De retour chaque année avec les hirondelles, le printemps des poètes se tiendra cette année du 14 au 31 mars. La Musicale s'envole ce mois-ci vers l'Iran, terre de poètes, qui célèbre l'entrée dans la nouvelle année du calendrier persan le 20 mars, à l'équinoxe de printemps. Pour vous souhaiter Sâl-e-no mobarak [bonne année], il sera question de l'émission de radio Golhâ [les fleurs] qui a valorisé le vaste répertoire de la poésie persane lyrique durant 23 ans et dont plusieurs cassettes sont récemment entrées dans les collections de la MMP. Nous vous présenterons ensuite l'icône de la pop iranienne Googoosh qui a chanté en persan et en pattes d'eph, l'Iran des années 1970. Et enfin, nous vous ferons entendre la voix contemporaine des rappeuses iraniennes, une voix de contestation et de courage. Et pour continuer avec la poésie, le samedi 15 mars à 14h, la MMP et le conservatoire du 7e arrondissement proposent un concert entre musique et littérature avec notamment une mise en musique du célèbre auteur de haïkus japonais Bashô.

Perse-oreilles

Golhâ ou le printemps des poètes

Le 21 mars 1956, à l'occasion de la nouvelle année (No-ruz), la radio nationale iranienne diffuse une émission musicale et poétique consacrée à Hâfez, le célèbre auteur du Divân.

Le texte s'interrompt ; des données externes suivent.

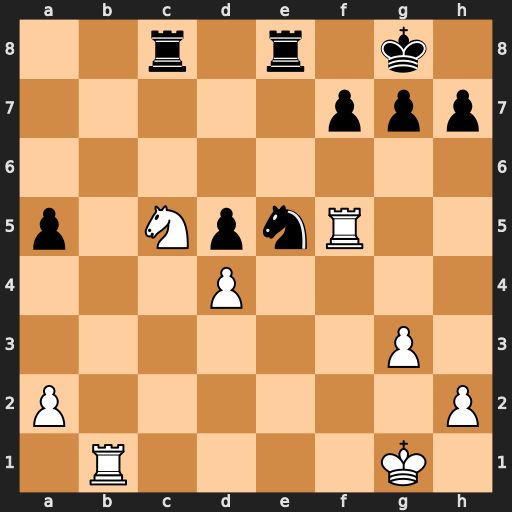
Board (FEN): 2r1r1k1/5ppp/8/p1NpnR2/3P4/6P1/P6P/1R4K1
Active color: w
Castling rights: -
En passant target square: -
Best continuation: Rxe5 Rxe5 dxe5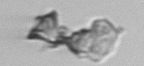
Label: detritus_transparent

C'est le début du programme Golhâ (les fleurs), dont le propos est de valoriser le vaste répertoire de poésie lyrique ancienne, et de familiariser le grand public avec l'héritage de cette tradition raffinée. Le concept est novateur pour l'époque : inviter musiciens et critiques littéraires à échanger autour d'un auteur, agrémenter la discussion par des poèmes déclamés ou chantés avec accompagnement musical, enrichir de quelques pièces purement instrumentales.

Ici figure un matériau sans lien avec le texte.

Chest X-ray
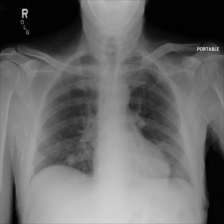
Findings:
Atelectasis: negative
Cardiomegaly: negative
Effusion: negative
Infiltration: negative
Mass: negative
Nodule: negative
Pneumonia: negative
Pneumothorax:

Fort de son succès, le programme sera décliné au fil des ans sous diverses formes. Ainsi la première série d'émissions radio, les Golhâ-ye Jâvidân (fleurs immortelles), consacrée aux poètes anciens, sera suivie des Golhâ-ye Rangârang (fleurs multicolores), au répertoire plus diversifié, incluant auteurs et compositeurs contemporains. Il y aura aussi les Golhâ-ye Sahrâ'i (fleurs du désert), consacrées aux chansons régionales, les Golhâ-ye Tâzeh (fleurs fraîches) ou Yek Shâkheh Gol (une seule fleur) avec une thématique unique pour chaque émission. Au total, ce sont 1600 émissions radiophoniques de 30 mn en moyenne, diffusées pendant 23 ans entre 1956 et 1979. De quoi marquer les esprits de plusieurs générations d'auditeurs. La série la plus célèbre, Rangârang, donnera même son nom à un programme télévisé.

Par son exceptionnelle longévité et sa grande qualité artistique, le programme Golhâ est un acteur de l'évolution de la perception de la musique en Iran, voulue par la dynastie Pahlavi.

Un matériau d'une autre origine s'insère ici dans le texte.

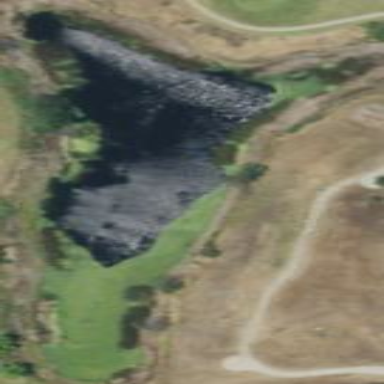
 identified as lateral water hazard in golf course."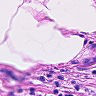
Metastatic tissue present: no

Revenons en arrière. Au début du 20e siècle, la poésie lyrique des philosophes anciens, chantant l'amour et le vin, n'était pas toujours perçue dans sa dimension symbolique. La musique, plutôt mal considérée par les religieux, faisait rarement l'objet de représentations publiques. Mais elle a été replacée peu à peu comme un élément central de la culture iranienne, dans la pratique, mais aussi la diffusion, l'enseignement et la recherche - grâce notamment aux travaux du musicien, musicologue et pédagogue Ali-Naqi Vaziri. Le public a ainsi découvert, en plus de la musique de cour, les musiques folkloriques des différentes régions, les musiques religieuses ou rituelles des minorités ethniques, puis les musiques d'autres pays. Quant aux musiciens, ils ont été au fil du temps considérés comme des maîtres, des spécialistes d'une forme d'art de haut niveau.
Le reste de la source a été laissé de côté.